DATA EXTRACT >>
━━━━━━━━━━

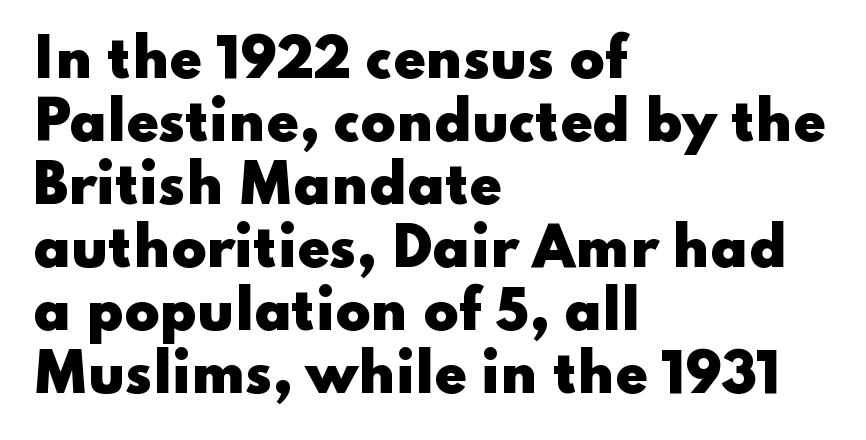
The image shows 52 px heavy, wide sans-serif type, upright; set left-aligned, line spacing 1.21x, normal letter spacing, not underlined; low stroke contrast and a small x-height.
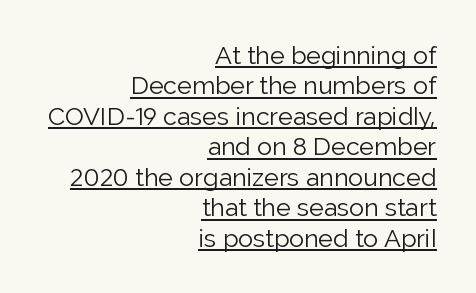
The image shows 25 px text type, upright; set right-aligned, line spacing 1.22x, normal letter spacing, underlined.
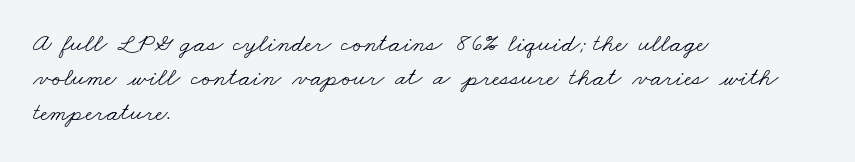
{"bold": "no", "underline": "no", "align": "left", "line_spacing": "normal", "line_spacing_ratio": 1.32, "letter_spacing": "normal", "letter_spacing_em": 0.0, "glyph_px": 26}

━━━━━━━━━━

TASK PROMPT >> Repeat the listing verbatim, pictures excluded.

ANSWER TO THE PROBLEM >>
The image shows 52 px heavy, wide sans-serif type, upright; set left-aligned, line spacing 1.21x, normal letter spacing, not underlined; low stroke contrast and a small x-height.
The image shows 25 px text type, upright; set right-aligned, line spacing 1.22x, normal letter spacing, underlined.
{"bold": "no", "underline": "no", "align": "left", "line_spacing": "normal", "line_spacing_ratio": 1.32, "letter_spacing": "normal", "letter_spacing_em": 0.0, "glyph_px": 26}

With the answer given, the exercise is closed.